Pressure from activist on chairman Eichelmann after KPMG says it is unable to verify profits

Chris Hohn, manager of the $24bn Children’s investment fund, has called on Wirecard’s supervisory board to fire chief executive Markus Braun after KPMG said it was unable to verify whether large portions of the fintech’s profits were real. 
The call by the activist short seller, one of Europe’s best known and most successful investors, adds to the pressure on Thomas Eichelmann, Wirecard chairman, after auditors at KPMG said they faced delays and obstacles while conducting the six-month probe. 
Shares in the payment specialist, a member of Germany’s Dax 30 index, plunged 26 per cent on Tuesday when it published the results of the audit commissioned after the Financial Times reported whistleblower allegations of accounting fraud centred on the group’s relationship with third parties. 
In its report on the audit published on Tuesday, KPMG said it had “informed the Supervisory Board in a letter about a considerable delay in Wirecard AG’s submission of the documents requested by us”. It added that the company had “repeatedly postponed individual agreed interview appointments with key Wirecard internal contacts”. 
Mr Hohn warned that the supervisory board “has wide-ranging legal obligations” to oversee the management board, and “is legally obliged to intervene. In our opinion, the necessary intervention is now to remove the CEO from all management duties,” he said, in a letter posted on the TCI website late on Tuesday.
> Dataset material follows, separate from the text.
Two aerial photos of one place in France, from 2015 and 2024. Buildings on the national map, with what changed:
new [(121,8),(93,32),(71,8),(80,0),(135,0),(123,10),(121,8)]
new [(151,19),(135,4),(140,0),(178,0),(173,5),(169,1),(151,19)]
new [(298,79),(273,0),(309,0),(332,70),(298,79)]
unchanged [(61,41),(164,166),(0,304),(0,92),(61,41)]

Wirecard faced repeated questions from analysts on Tuesday about the company’s co-operation with KPMG. Mr Braun said the audit was independent, had found no evidence of balance-sheet misrepresentation and took time because of the complexity of the data involved.
The call for action from TCI, which has sold short 1 per cent of Wirecard’s stock, came as other investors expressed dissatisfaction with the results of the special audit. Ingo Speich, head of sustainability and corporate governance at Deka Investment, which holds a 1.3 per cent stake in Wirecard, called for a further investigation into Wirecard’s third-party acquiring on Thursday. “Wirecard needs to act as soon as possible and finally create transparency to avert further damage,” he said.
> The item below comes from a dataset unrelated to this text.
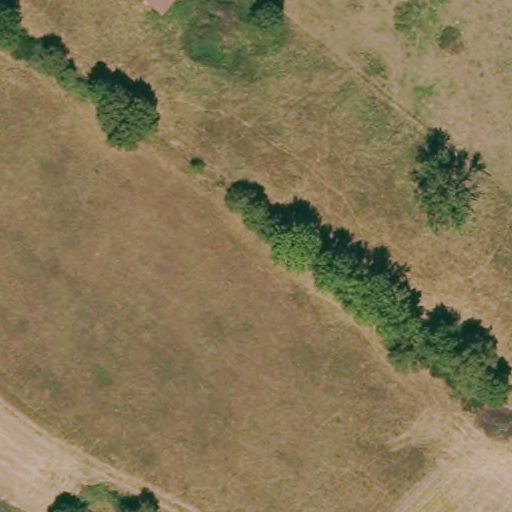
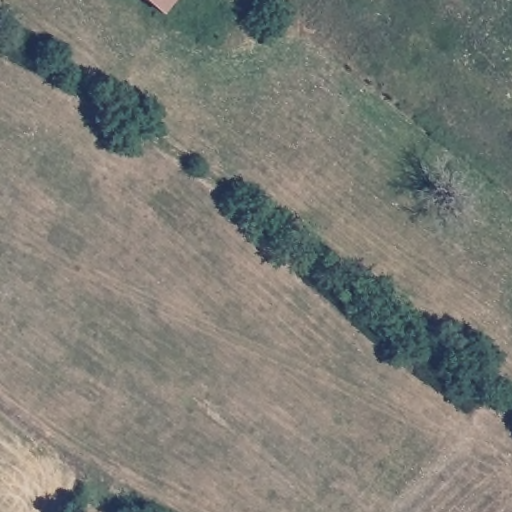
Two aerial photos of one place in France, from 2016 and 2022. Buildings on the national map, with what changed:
unchanged [(138,0),(176,0),(162,18),(138,0)]

Wirecard has said part of KPMG’s work, the examination of data for the month of December 2019, will continue. Mr Hohn said that if the supervisory board were not to remove Mr Braun then, at the very least, it should “remove Wirecard’s management from all involvement in this audit until all of the allegations have been fully resolved”.
The investor also raised concerns about Wirecard’s compliance with the anti-money laundering regulations, following KPMG’s inability to identify some Wirecard customers at the heart of whistleblower allegations of fraud. “How is it possible to comply with these regulations if Wirecard either does not know or will not disclose who its customers are?” Mr Hohn asked. 
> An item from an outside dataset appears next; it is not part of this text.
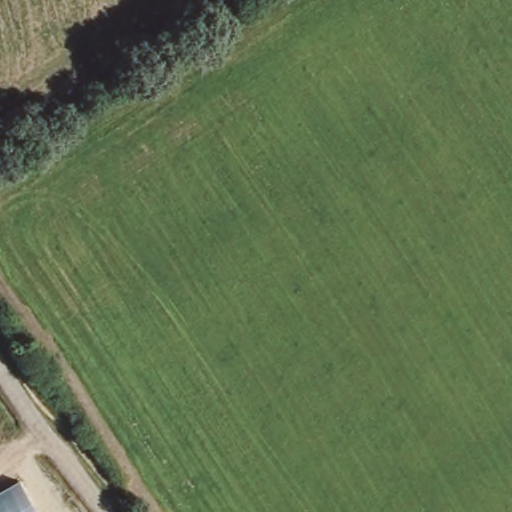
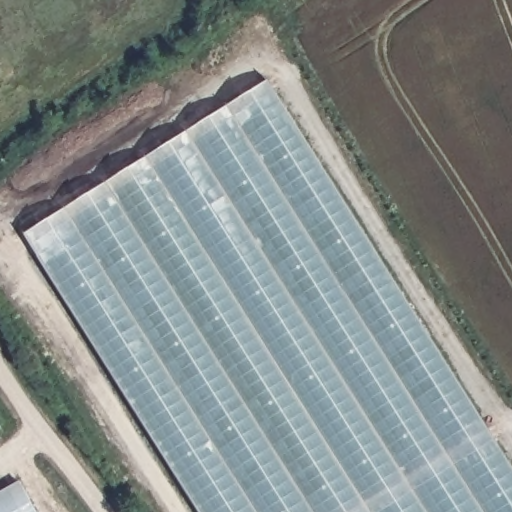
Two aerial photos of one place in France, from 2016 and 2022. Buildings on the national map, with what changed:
new [(265,81),(512,471),(512,512),(197,512),(22,234),(265,81)]
unchanged [(35,512),(0,512),(0,489),(16,481),(35,512)]

Wirecard has always said it complies with all applicable rules and regulations.
The investor has fought previous activist battles in Germany, including a fight over executive compensation at Volkswagen in 2016 and an earlier campaign to oust the chief executive of Deutsche Börse when the investor was described as a hedge fund “locust”. 
Wirecard has sued the FT for misuse of trade secrets in Munich relating to stories published in January and February 2019. The FT stands by its reporting and is defending the lawsuit.